In 2013-14, the federal government provided Washington’s schools $985 million in various grants, including $210 million in Title I funds, bringing the total revenue for schools, from all local, state and federal sources, to $10.9 billion, or $10,700 per student.

NCLB requires schools receiving Title I funds to make steady progress, called Adequate Yearly Progress (AYP), towards preparing nearly 100% of students to pass these tests by 2014. If schools fail to make this progress, districts must send parents a Public School Choice letter informing them that federal money is available to provide their child with transportation to a better school or that free tutoring is available from private and public school tutors. NCLB requires school districts receiving Title I, Part A dollars to set aside 20% of their funding for these purposes, currently about $40 million statewide.

Although No Child Left Behind was due for reauthorization in 2007, Congress could not reach agreement on its terms.

In 2009, the U.S. Department of Education launched the Race to the Top competition, offering states $75 million to $700 million for meeting new school mandates.


September 23, 2011 U.S. Secretary of Education Arne Duncan, announces plans to offer states waivers from NCLB provisions. “Rather than dictating educational decisions from Washington, we want state and local educators to decide how to best meet the individual needs of students," Duncan said.

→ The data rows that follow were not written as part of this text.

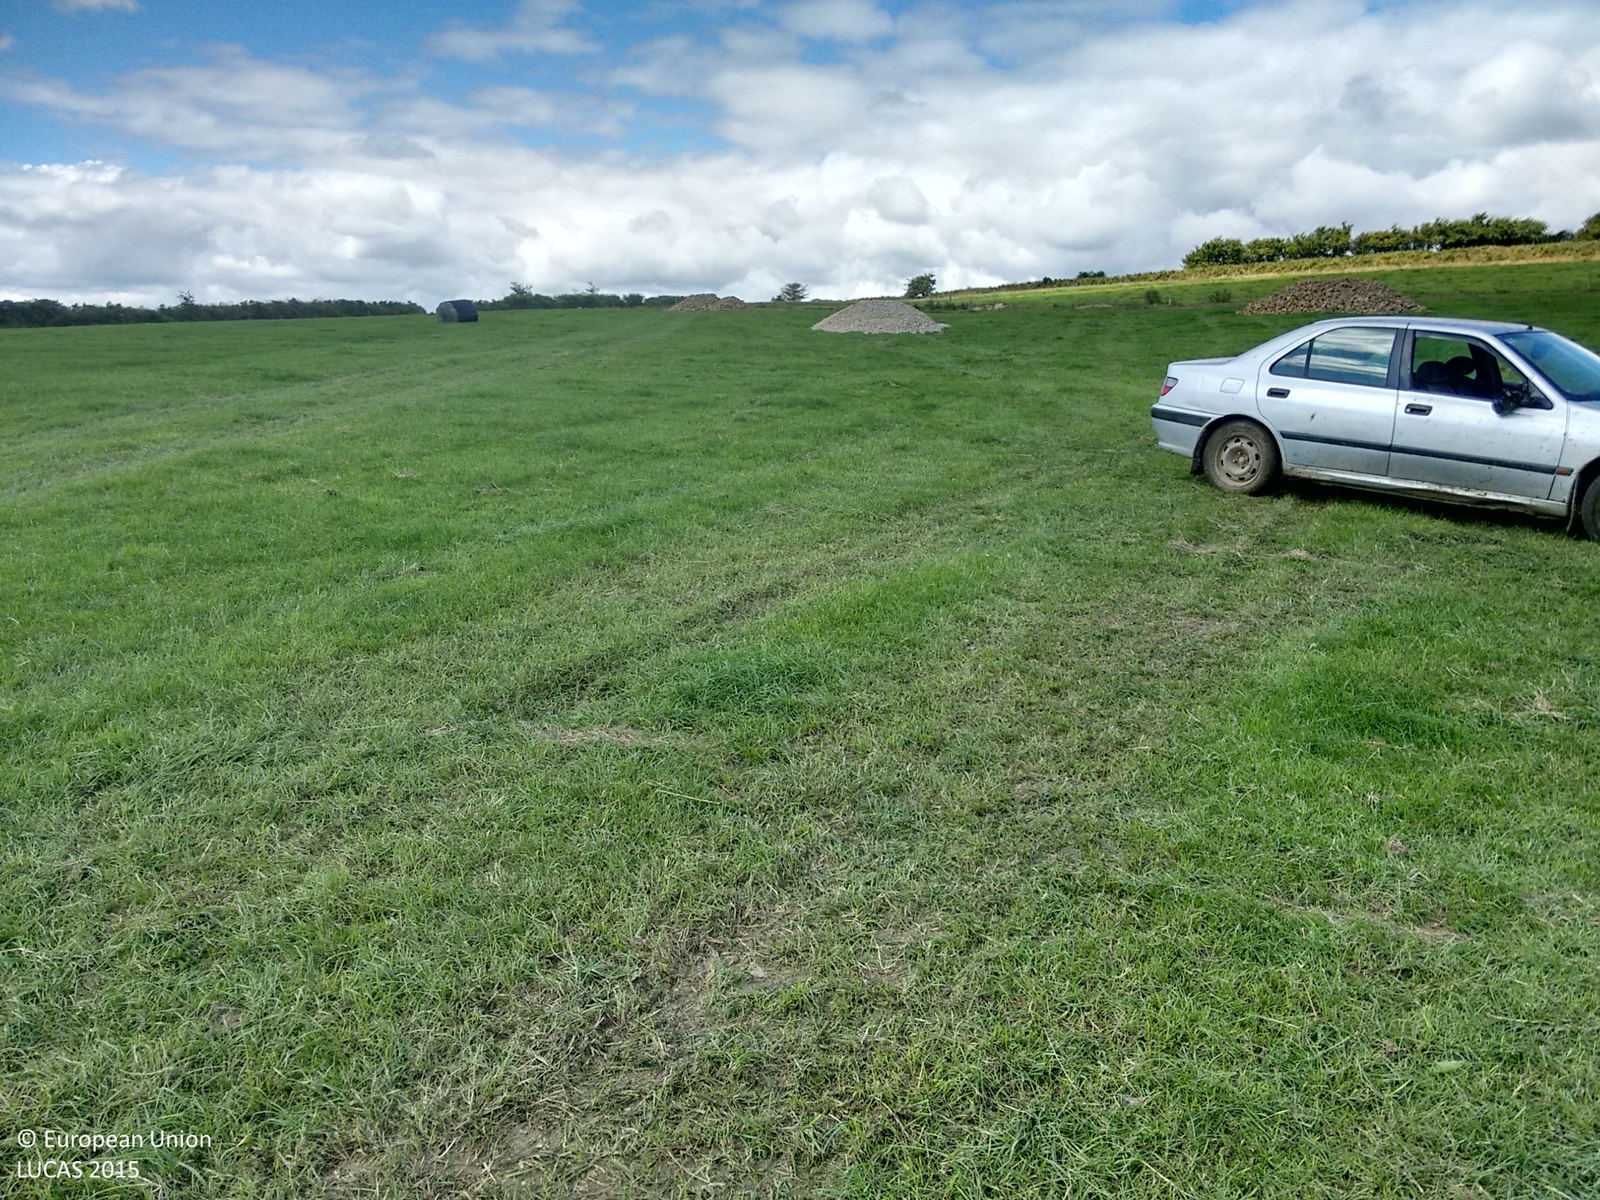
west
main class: Grassland
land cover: Grassland without tree/shrub cover
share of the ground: > 75 %
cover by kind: herbaceous plants 95 %, shrubs 5 %
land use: Agriculture (excluding fallow land and kitchen gardens)
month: July
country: IE
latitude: 52.2595
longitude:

February 27, 2012 The state Office of Superintendent of Public Instruction asks the U.S. Department of Education for a waiver from NCLB requirements in exchange for adopting Race to the Top requirements, which includes a new set of national learning standards, the Common Core State Standards, a new national test, called the Smarter Balanced Assessment, changes to the state’s School Achievement Index, standardized teacher/principal evaluations, and plans to turn around struggling schools.

July 26, 2012 The U.S. Department of Education approves Washington state’s application for a waiver from NCLB rules for school years 2012-13 and 2013-14. No Child Left Behind rules are suspended, affecting 1,538 students, who lost free transportation to a better school, and 16,972 students, who lost their free tutor. See this report for 2011-12.

August 14, 2013 The U.S. Department of Education tells state Superintendent of Public Instruction that to extend its waiver, Washington must also pass legislation to make student scores on state tests one of multiple measures for evaluating teachers.

January 2014 Washington’s 2014 Legislative Session convenes.  The state Senate introduces SB 5246 to require use of student scores on the state test in teacher evaluations. Initially Senate Democrats supported this measure, as reported here.   

February 18, 2014 SB 5246 appears set to pass, until Senator Rosemary McAuliffe (D-Bothell), Ranking Member of the Senate Education Committee, perhaps based on the opposition of her ally, the state teachers union (the Washington Education Association), announces she had reversed her position on the bill.  Senate Democrats pull their support, and SB 5246 fails to pass. With this vote, Washington state lost this opportunity to keep its NCLB waiver.

April 24, 2014 The U.S. Department of Education officially notifies Washington it has revoked its waiver from NCLB. Washington returns to NCLB rules.

June 30, 2014 State Superintendent Randy Dorn announces he’s asked the U.S. Department of Education for permission not to send parents the Public School Choice letter to inform them of their rights to free transportation to a better school, claiming that under NCLB, nearly all schools are not making the required progress, so therefore parents cannot identify a better school for their child. Superintendent Dorn also worries that informing parents their schools are not making adequate progress will hurt efforts to convince voters to approve local levy funding for schools.   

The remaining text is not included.